Wiktionary translation parser tool for many language editions.
I created a quick_test.sh script for lazy people to test the Wiktionary extraction right away without having to read the whole README. Just enter the directory bin after cloning and run
bash quick_test.sh la
where 'la' is the Wiktionary code of the Latin Wiktionary. You can replace it with another that has been configured.
It might take a few minutes.
The results are in the ../dat/Wiktionary/Latin/word_pairs
file. The first four columns contain the word pairs, you can ignore the rest.
If you have enough storage, try running on the English Wiktionary:
bash quick_test.sh en
-
Checkout the repository from GitHub to a directory with at lot of free space. The amount of free space required depends on the number and size of Wiktionaries you want to download (for all 40 you will need about 30GB).
-
Enter the wikt2dict/src directory:
cd wikt2dict/src
-
Set the PYTHONPATH environment variable to the directory where you are right now:
export PYTHONPATH=$PYTHONPATH:$(pwd)
-
Enter the root directory of wikt2dict:
cd ..
-
Create all necessary directories (assuming you are using the default configurations):
mkdir -p dat/wiktionary dat/triangle log res/langnames
-
You are ready to configure wikt2dict.
-
Set the list of Wiktionaries to work with. We provide an example configuration file, cfg/main.cfg, with the full configuration we used. We also provide a defaults.cfg file with default parameters. You can leave the configuration as it is if you do not want to parse an additional Wiktionary.
-
Resource files There are also example files in the res directory.
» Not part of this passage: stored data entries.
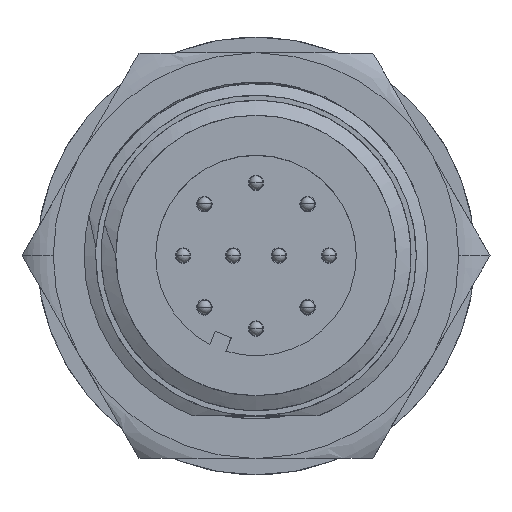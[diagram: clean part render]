
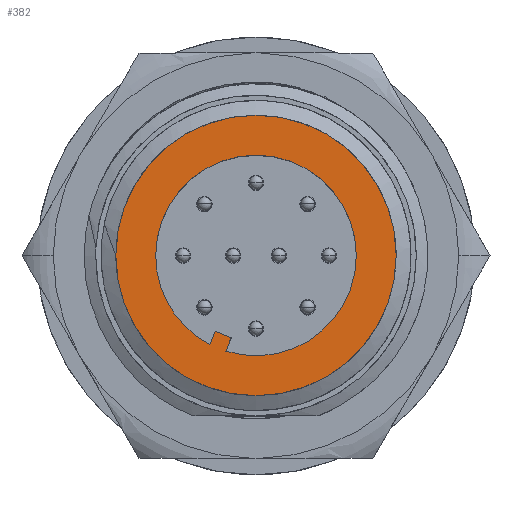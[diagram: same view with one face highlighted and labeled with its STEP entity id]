
A CAD part, top view. The second image highlights one B-rep face of the part: STEP entity #382.
In plain terms, the highlighted planar face has unit normal (0, 0, 1).
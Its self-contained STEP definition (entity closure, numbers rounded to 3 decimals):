
#382=ADVANCED_FACE('',(#1730,#1731),#1732,.T.);
#1730=FACE_OUTER_BOUND('',#4305,.T.);
#1731=FACE_BOUND('',#4306,.T.);
#1732=PLANE('',#4307);
#4305=EDGE_LOOP('',(#11574,#11575));
#4306=EDGE_LOOP('',(#11576,#11577,#11578,#11579,#11580,#11581));
#4307=AXIS2_PLACEMENT_3D('',#11582,#11583,#11584);
#11574=ORIENTED_EDGE('',*,*,#20995,.T.);
#11575=ORIENTED_EDGE('',*,*,#20996,.F.);
#11576=ORIENTED_EDGE('',*,*,#20994,.T.);
#11577=ORIENTED_EDGE('',*,*,#20992,.T.);
#11578=ORIENTED_EDGE('',*,*,#20990,.T.);
#11579=ORIENTED_EDGE('',*,*,#20738,.T.);
#11580=ORIENTED_EDGE('',*,*,#20989,.T.);
#11581=ORIENTED_EDGE('',*,*,#20736,.T.);
#11582=CARTESIAN_POINT('',(0.0,0.0,9.7));
#11583=DIRECTION('',(0.0,0.0,1.0));
#11584=DIRECTION('',(1.0,-0.0,0.0));
#20736=EDGE_CURVE('',#23981,#23985,#23987,.T.);
#20738=EDGE_CURVE('',#23991,#23988,#23992,.T.);
#20989=EDGE_CURVE('',#23988,#23981,#24419,.T.);
#20990=EDGE_CURVE('',#24420,#23991,#24421,.T.);
#20992=EDGE_CURVE('',#24423,#24420,#24424,.T.);
#20994=EDGE_CURVE('',#23985,#24423,#24426,.T.);
#20995=EDGE_CURVE('',#24427,#24428,#24429,.T.);
#20996=EDGE_CURVE('',#24427,#24428,#24430,.T.);
#23981=VERTEX_POINT('',#29669);
#23985=VERTEX_POINT('',#29674);
#23987=CIRCLE('',#29677,5.5);
#23988=VERTEX_POINT('',#29678);
#23991=VERTEX_POINT('',#29682);
#23992=CIRCLE('',#29683,5.5);
#24419=CIRCLE('',#30377,5.5);
#24420=VERTEX_POINT('',#30378);
#24421=LINE('',#30379,#30380);
#24423=VERTEX_POINT('',#30383);
#24424=LINE('',#30384,#30385);
#24426=LINE('',#30388,#30389);
#24427=VERTEX_POINT('',#30390);
#24428=VERTEX_POINT('',#30391);
#24429=CIRCLE('',#30392,7.69);
#24430=CIRCLE('',#30393,7.69);
#29669=CARTESIAN_POINT('',(5.5,0.,9.7));
#29674=CARTESIAN_POINT('',(-1.658,-5.244,9.7));
#29677=AXIS2_PLACEMENT_3D('',#42410,#42411,#42412);
#29678=CARTESIAN_POINT('',(-5.5,0.,9.7));
#29682=CARTESIAN_POINT('',(-2.536,-4.881,9.7));
#29683=AXIS2_PLACEMENT_3D('',#42414,#42415,#42416);
#30377=AXIS2_PLACEMENT_3D('',#42947,#42948,#42949);
#30378=CARTESIAN_POINT('',(-2.237,-4.16,9.7));
#30379=CARTESIAN_POINT('',(-2.237,-4.16,9.7));
#30380=VECTOR('',#42950,0.779);
#30383=CARTESIAN_POINT('',(-1.36,-4.524,9.7));
#30384=CARTESIAN_POINT('',(-1.36,-4.524,9.7));
#30385=VECTOR('',#42952,0.95);
#30388=CARTESIAN_POINT('',(-1.658,-5.244,9.7));
#30389=VECTOR('',#42954,0.779);
#30390=CARTESIAN_POINT('',(7.69,0.0,9.7));
#30391=CARTESIAN_POINT('',(-7.69,0.0,9.7));
#30392=AXIS2_PLACEMENT_3D('',#42955,#42956,#42957);
#30393=AXIS2_PLACEMENT_3D('',#42958,#42959,#42960);
#42410=CARTESIAN_POINT('',(0.0,0.0,9.7));
#42411=DIRECTION('',(-0.0,0.0,-1.0));
#42412=DIRECTION('',(-0.461,-0.887,0.0));
#42414=CARTESIAN_POINT('',(0.0,0.0,9.7));
#42415=DIRECTION('',(-0.0,0.0,-1.0));
#42416=DIRECTION('',(-0.461,-0.887,0.0));
#42947=CARTESIAN_POINT('',(0.0,0.0,9.7));
#42948=DIRECTION('',(-0.0,0.0,-1.0));
#42949=DIRECTION('',(-0.461,-0.887,0.0));
#42950=DIRECTION('',(-0.383,-0.924,0.0));
#42952=DIRECTION('',(-0.924,0.383,0.0));
#42954=DIRECTION('',(0.383,0.924,0.0));
#42955=CARTESIAN_POINT('',(0.0,0.0,9.7));
#42956=DIRECTION('',(0.0,0.0,1.0));
#42957=DIRECTION('',(1.0,0.0,0.0));
#42958=CARTESIAN_POINT('',(0.0,0.0,9.7));
#42959=DIRECTION('',(0.0,0.0,-1.0));
#42960=DIRECTION('',(1.0,0.0,0.0));

res/wikicodes: the list of Wiktionary codes you want to collect translations in. Right now this file contains all 50 languages we worked with. res/wiktionaries.tsv: Wiktionary code - language name mapping for all Wiktionaries you want to parse. This is a tab-separated file.
You will now download and parse the Latin Wiktionary. The environment is already set up. We chose the Latin Wiktionary because it is small and for historical reasons, easy to understand many words for most European-language speakers.
-
Create a langdirs.tsv containing nothing but the entity for the Latin Wiktionary.
grep Latin res/wiktionaries-full.tsv > res/wiktionaries.tsv
-
Download the Wiktionary:
cd bin
bash download_wiktionaries.sh ../res/wiktionaries.tsv ../dat/wiktionary
After the download finishes, a Latin directory is created in ../dat/wiktionary and the dump should be there. For downloading more than one Wiktionaries, you need to specify all languages in the langnames.tsv file one language-per-line.
If the download fails for some reason, delete the corrupted file before running it again: rm ../dat/wiktionary/Latin/lawiktionary-latest-pages-meta-current.xml
-
Convert to plain text:
bash wiktionary2text.sh ../res/wiktionaries.tsv ../dat/wiktionary
This command should produce the file: ../dat/wiktionary/Latin/lawiktionary.txt
-
Extract translations using the previously set up configuration:
python extract_translations.py ../cfg/w2d.cfg la
The last parameter tells wikt2dict to extract the Latin Wiktionary.
- Repeat the steps 1-4. with at least two other Wiktionaries of your choice. Preferrably chose Wiktionaries that have a full section in the cfg/w2d.cfg file.
Now you are ready to try the triangulating. This is done by calling:
python triangulate.py ../cfg/w2d.cfg
The output is saved in the ../dat/triangle directory by default. You can change this of course. You can limit the triangulating to a certain languages. For example calling: python triangulate.py ../cfg/w2d.cfg la
would only run triangulating for triangles that contain Latin and skip the others.
Congratulations, you have successfully finished the test tutorial of wikt2dict. Please send your feedback to judit@sch.bme.hu.
Please cite:
@inproceedings{Acs:2013,
title={Building basic vocabulary across 40 languages},
author={Judit 'Acs and Katalin Pajkossy and Andr'as Kornai},
booktitle={Proceedings of the 6th Workshop on Building and Using Comparable Corpora},
year={2013}
}
4lang coverage
Check out our basic vocabulary at: http://hlt.sztaki.hu/resources/4lang/
You can create statistics of the coverage of 4lang and uroboros by calling:
cat ../dat/lang/*/res/word_pairs | python fourlang_coverage.py ../res/4lang/coverage
This would take all translations extracted from the Wiktionaries and compute the coverage of 4lang and uroboros based on each language of 4lang and all of them combined as well. The statistics are saved in ../res/4lang/ with the coverage prefix.